This post was edited and republished from my lost posts archive on my old blog
The Flood by David Maine
When I originally wrote the two posts I’ve combined into one here back in early April 2014 – the film Noah was just about to hit the big screens. I wrote a post about why I wouldn’t be going to see it, and how I found something far better to spend my time on…
Most Sunday mornings I listen to ‘Sunday’ on BBC Radio 4. I’m not religious, but this programme which features the religious and ethical news of the week, often presented by the lovely-voiced Edward Stourton is always fascinating. This week, they talked about Russell Crowe’s new film ‘Noah’. Ed asked the reviewer how the film compared to the bible. She replied – they share three things – ‘An ark, a flood and a man called Noah.‘ – I fell about laughing. I’m sorry, I can’t remember the lady’s name. After seeing the trailer the other week too, I have no desire whatsoever to see the film at the cinema, however epic they make it!
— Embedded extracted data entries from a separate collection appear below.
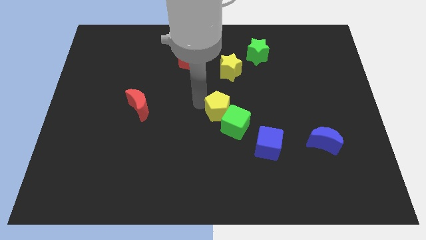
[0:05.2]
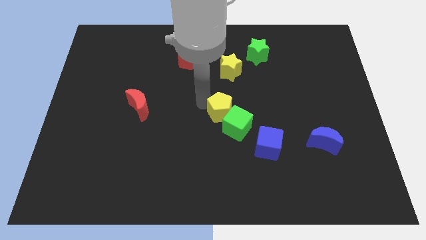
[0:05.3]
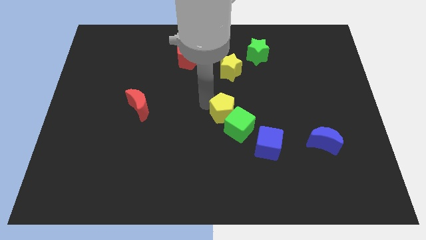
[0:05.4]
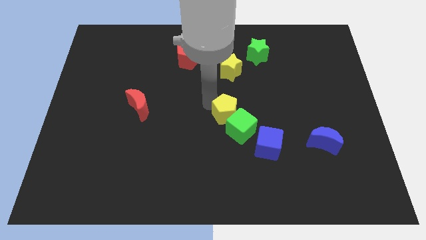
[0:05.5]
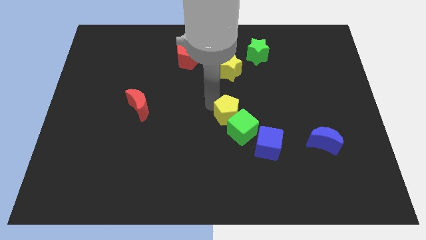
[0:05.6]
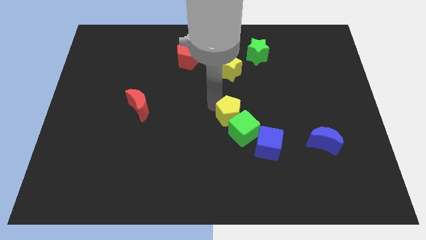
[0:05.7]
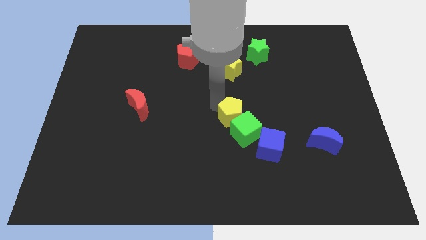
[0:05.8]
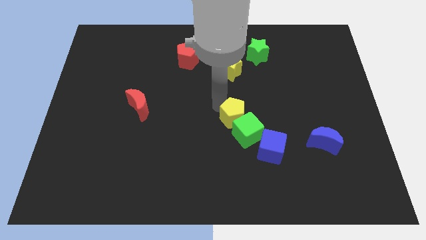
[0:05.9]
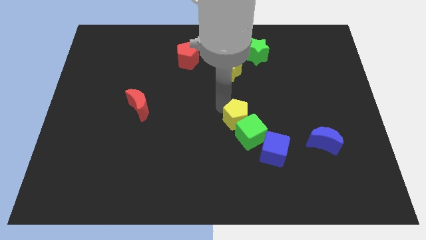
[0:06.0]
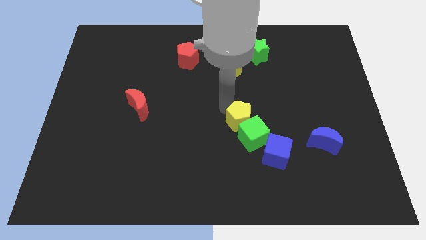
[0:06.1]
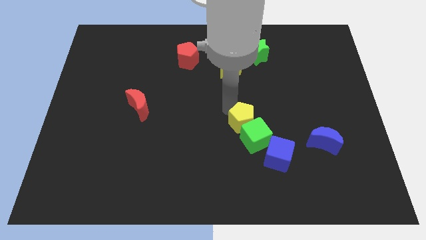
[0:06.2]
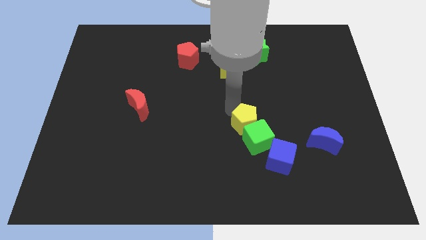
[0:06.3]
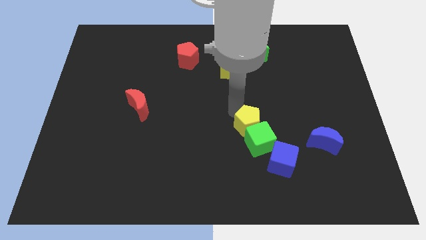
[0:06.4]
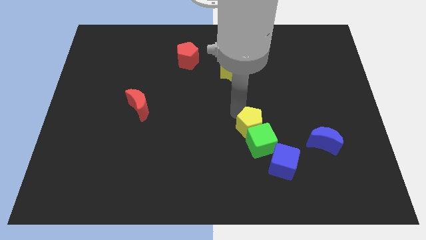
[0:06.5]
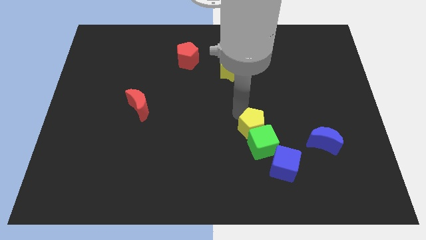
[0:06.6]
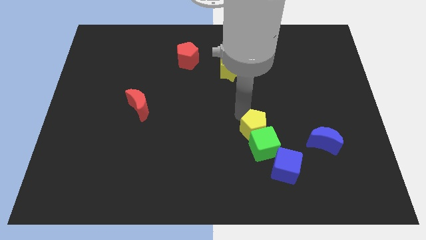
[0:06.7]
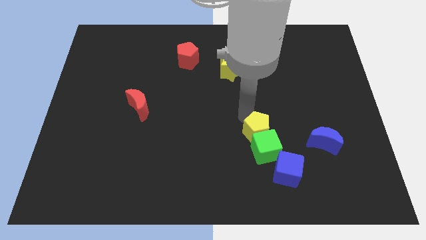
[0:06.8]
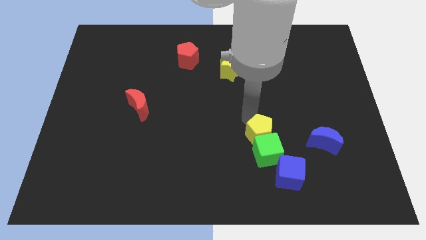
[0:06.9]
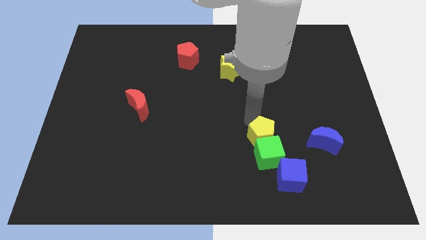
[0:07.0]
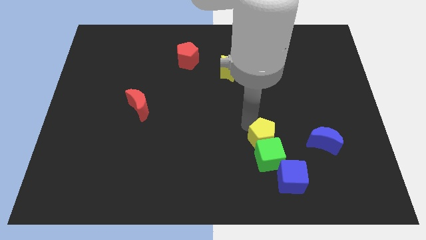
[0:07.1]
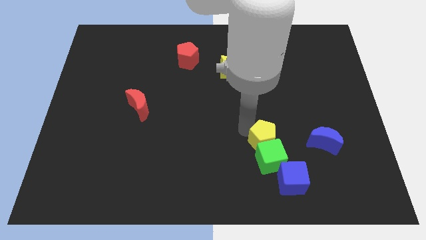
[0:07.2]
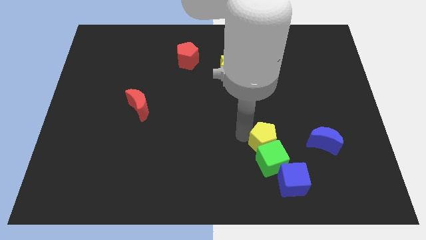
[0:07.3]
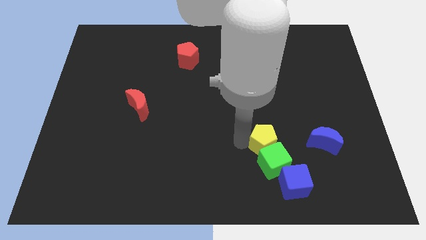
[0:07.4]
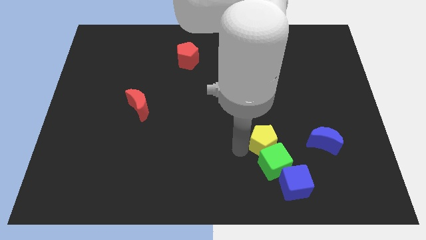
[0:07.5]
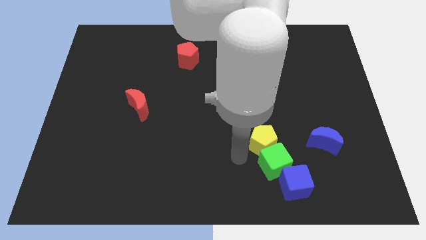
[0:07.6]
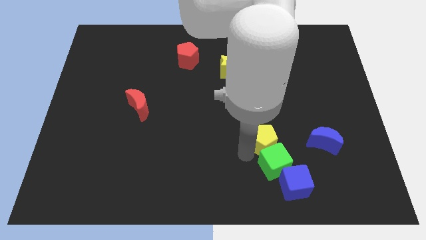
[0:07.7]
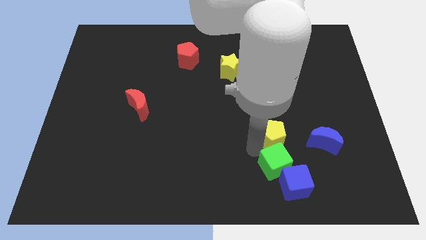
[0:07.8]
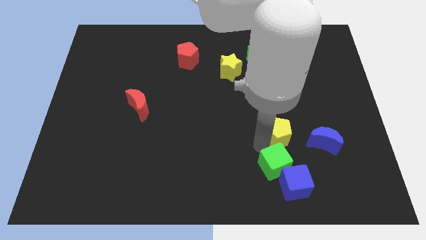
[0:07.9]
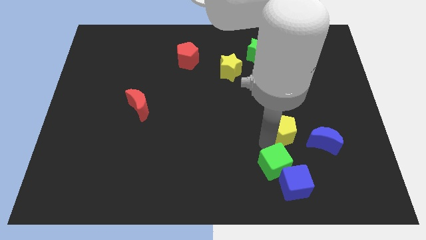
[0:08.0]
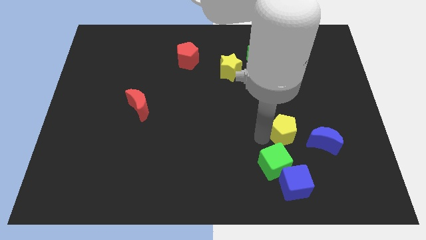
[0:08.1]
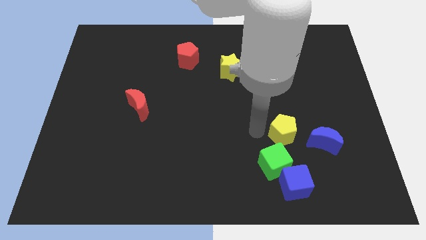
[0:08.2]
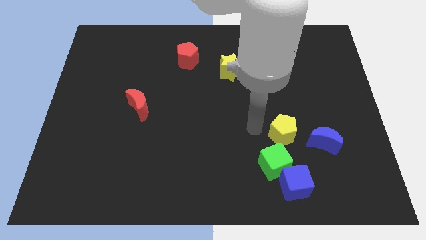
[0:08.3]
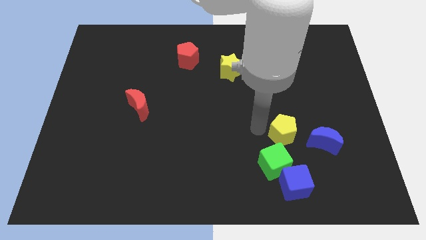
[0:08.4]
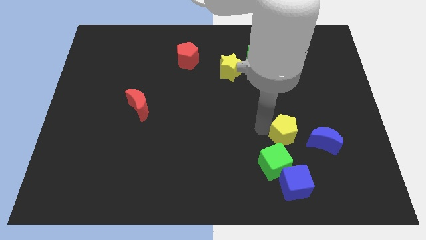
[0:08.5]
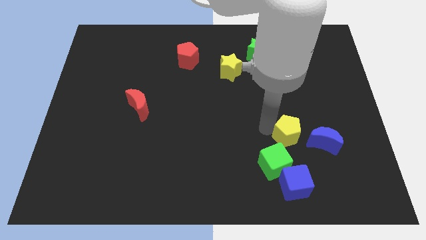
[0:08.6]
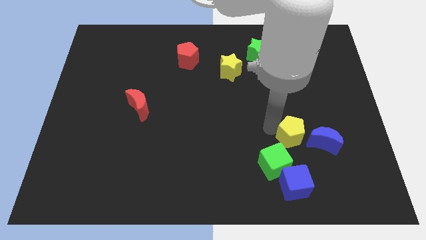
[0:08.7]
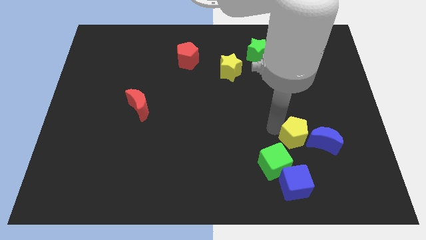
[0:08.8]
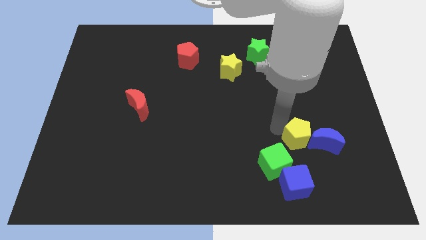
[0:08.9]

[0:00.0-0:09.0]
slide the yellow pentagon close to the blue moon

But I did go straight to my bookcase, and found a gem that I’d obviously been saving for the occasion … The Flood by David Maine, pub back in 2004. I want to share the first paragraph with you, because I think this book is going to be an absolute hoot:
Noe glances toward the heavens, something he does a lot these days. Scanning for clouds. None visible amid the stars, so he finishes urinating, shakes himself dry and makes his way back to the house. Inside, the wife pokes desultorily at a pot of stew hanging over a fire. It is late for supper: the others have eaten already and retired to the sleeping room. Noe squats against one of the rough lime-washed walls and points at a terracotta bowl. He’s roughly six hundred years old: words are unnecessary.
Noe goes on to tell his wife about his vision. When she asks how they’ll be taking this ship to the sea. Noe replies, “We’ll not be going to the sea. The sea will be coming to us.” She pauses, quietly accepts things, and carries on…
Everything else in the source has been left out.